:: DATA

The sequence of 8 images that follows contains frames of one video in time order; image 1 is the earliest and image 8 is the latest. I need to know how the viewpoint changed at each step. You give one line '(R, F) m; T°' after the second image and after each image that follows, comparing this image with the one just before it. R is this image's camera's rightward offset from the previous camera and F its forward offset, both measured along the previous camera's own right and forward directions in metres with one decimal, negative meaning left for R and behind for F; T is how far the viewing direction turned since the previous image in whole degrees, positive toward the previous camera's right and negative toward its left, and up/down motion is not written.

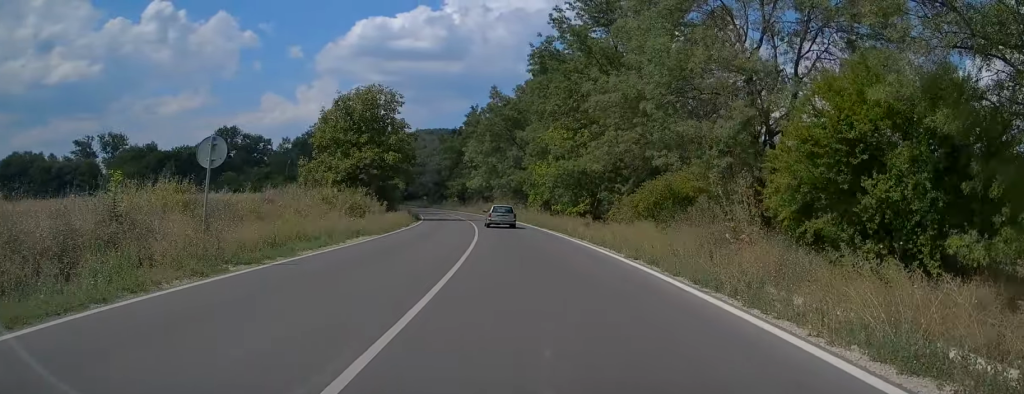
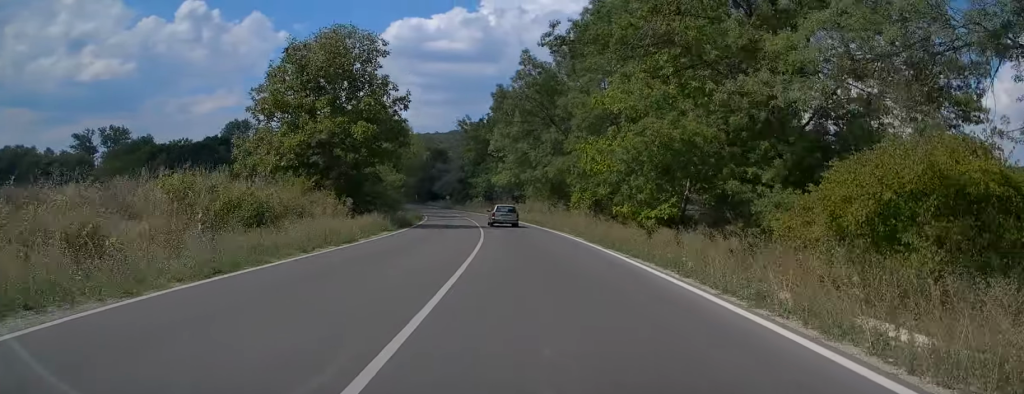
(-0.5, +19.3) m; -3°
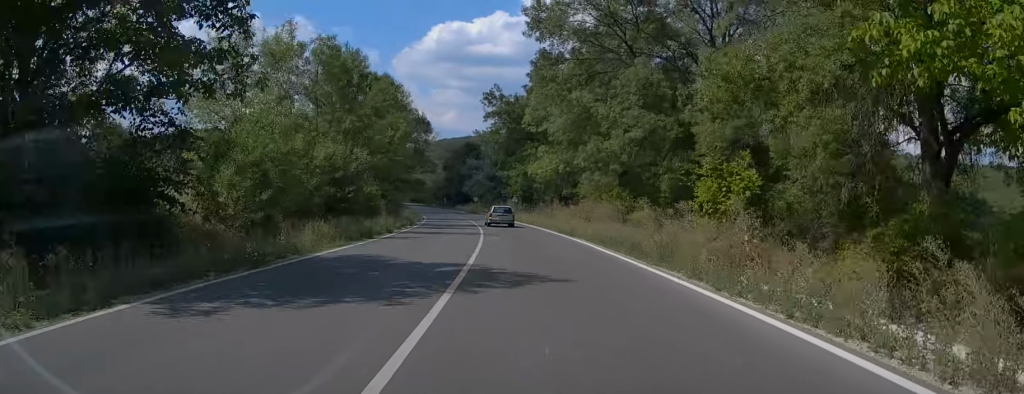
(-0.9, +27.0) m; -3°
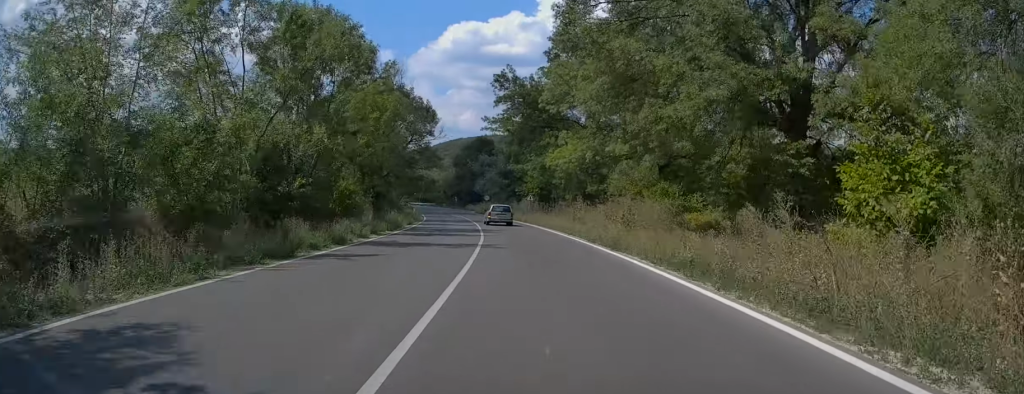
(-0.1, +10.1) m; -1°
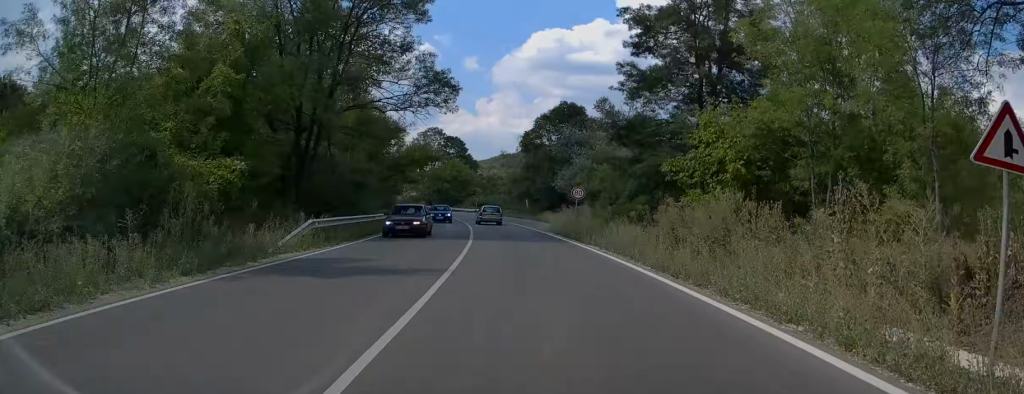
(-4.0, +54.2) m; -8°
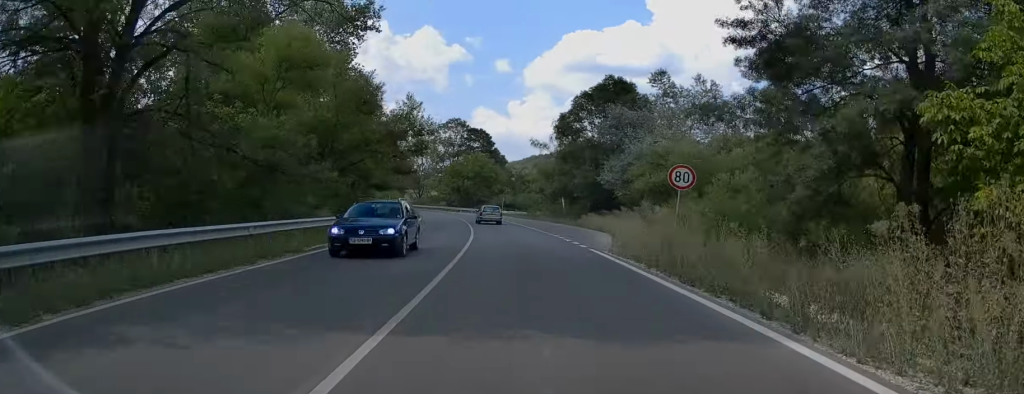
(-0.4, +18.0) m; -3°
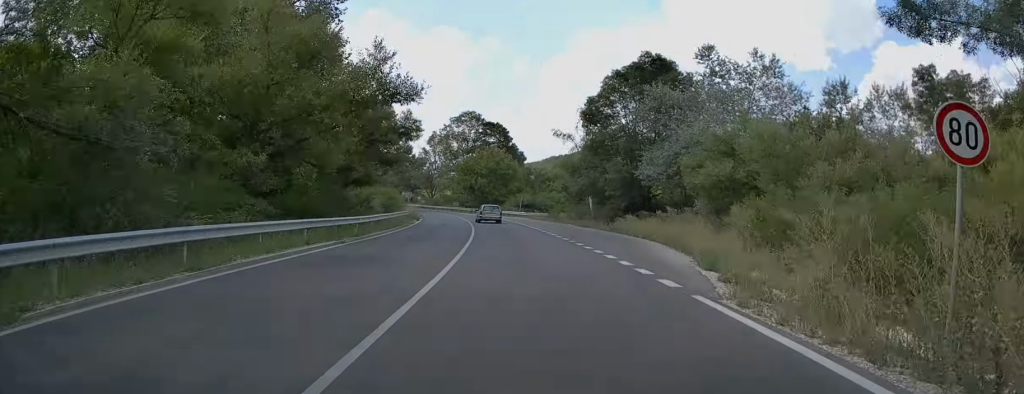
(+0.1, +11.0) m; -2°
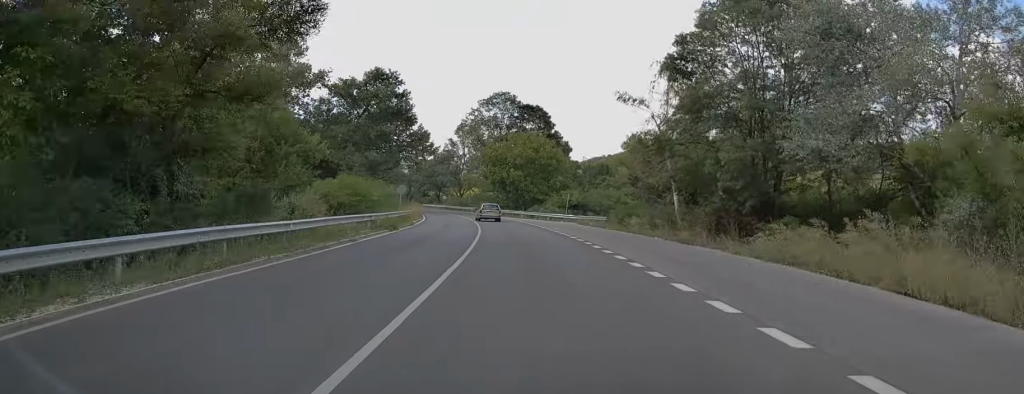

::::

* WHAT IS BEING ASKED
Your answer must be an exact copy of the records above, with every picture left out.

* RESULT OF THE TASK
The sequence of 8 images that follows contains frames of one video in time order; image 1 is the earliest and image 8 is the latest. I need to know how the viewpoint changed at each step. You give one line '(R, F) m; T°' after the second image and after each image that follows, comparing this image with the one just before it. R is this image's camera's rightward offset from the previous camera and F its forward offset, both measured along the previous camera's own right and forward directions in metres with one decimal, negative meaning left for R and behind for F; T is how far the viewing direction turned since the previous image in whole degrees, positive toward the previous camera's right and negative toward its left, and up/down motion is not written.

(-0.5, +19.3) m; -3°
(-0.9, +27.0) m; -3°
(-0.1, +10.1) m; -1°
(-4.0, +54.2) m; -8°
(-0.4, +18.0) m; -3°
(+0.1, +11.0) m; -2°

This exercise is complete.